▶ _MATERIAL FOR THIS EXERCISE_:
****************************************

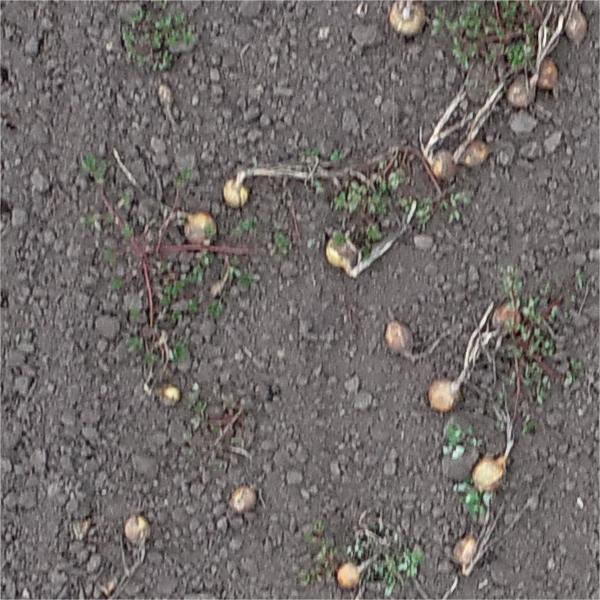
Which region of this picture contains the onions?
[334,559,360,585]
[383,319,414,353]
[123,512,150,541]
[492,300,517,327]
[470,453,505,487]
[323,233,358,271]
[460,137,489,167]
[227,483,256,513]
[428,148,455,179]
[425,377,459,411]
[562,13,586,39]
[221,173,250,207]
[504,76,532,104]
[181,208,214,244]
[450,535,479,567]
[388,1,425,35]
[157,381,180,403]
[536,59,558,88]

****************************************

▶ _EXERCISE OBJECTIVE_:
Excluding all images, transcribe the material word for word.

▶ _PROBLEM SOLUTION_:
Which region of this picture contains the onions?
[334,559,360,585]
[383,319,414,353]
[123,512,150,541]
[492,300,517,327]
[470,453,505,487]
[323,233,358,271]
[460,137,489,167]
[227,483,256,513]
[428,148,455,179]
[425,377,459,411]
[562,13,586,39]
[221,173,250,207]
[504,76,532,104]
[181,208,214,244]
[450,535,479,567]
[388,1,425,35]
[157,381,180,403]
[536,59,558,88]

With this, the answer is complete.